— EXERCISE PROMPT —
Span requested from the data below: the line with "Areas of interest: areas" through the line with "Fluid column height: 148.2 cm", both included. Give only these lines again, exactly, and leave every picture out.

— SUPPLIED ENTRIES —
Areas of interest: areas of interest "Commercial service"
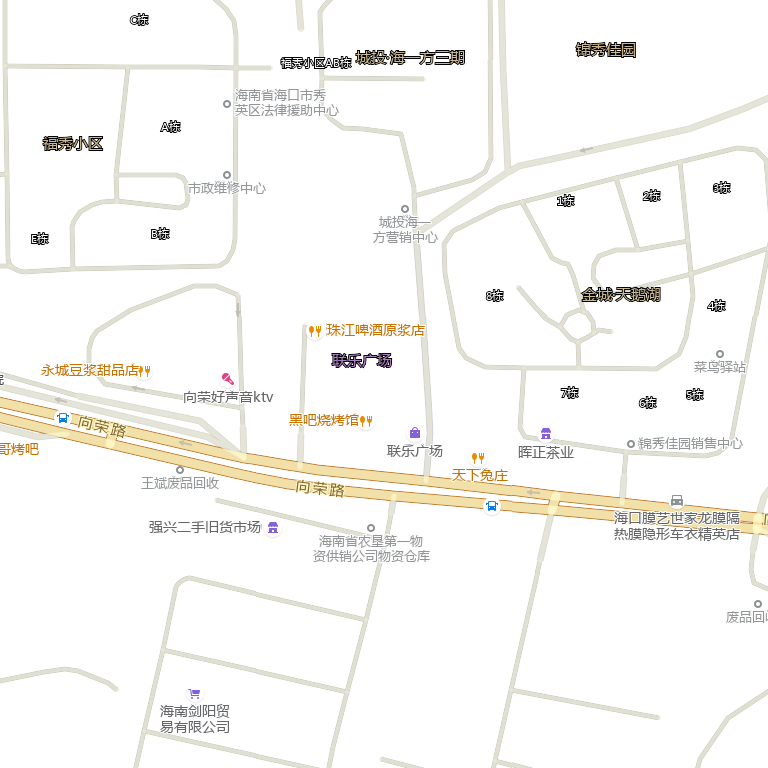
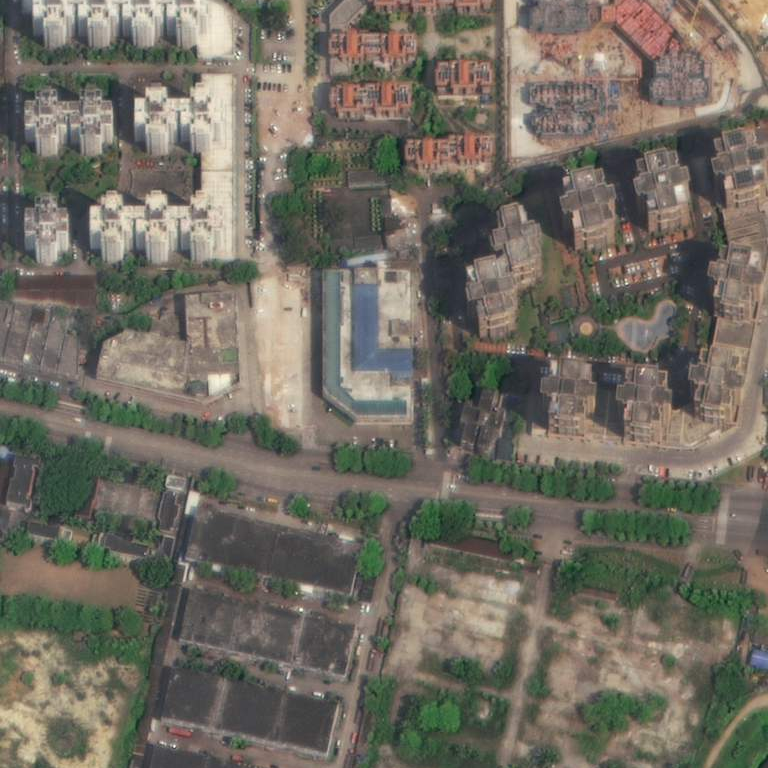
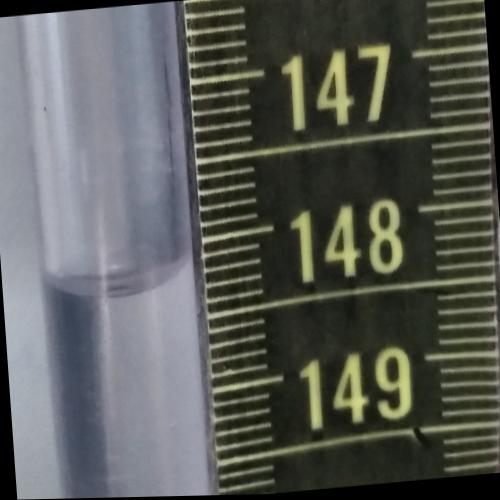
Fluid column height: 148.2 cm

--

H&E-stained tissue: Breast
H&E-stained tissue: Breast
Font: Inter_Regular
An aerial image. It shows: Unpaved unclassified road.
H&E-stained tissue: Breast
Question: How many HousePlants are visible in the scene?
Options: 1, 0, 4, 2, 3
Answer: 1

— EXERCISE ANSWER —
Areas of interest: areas of interest "Commercial service"
Fluid column height: 148.2 cm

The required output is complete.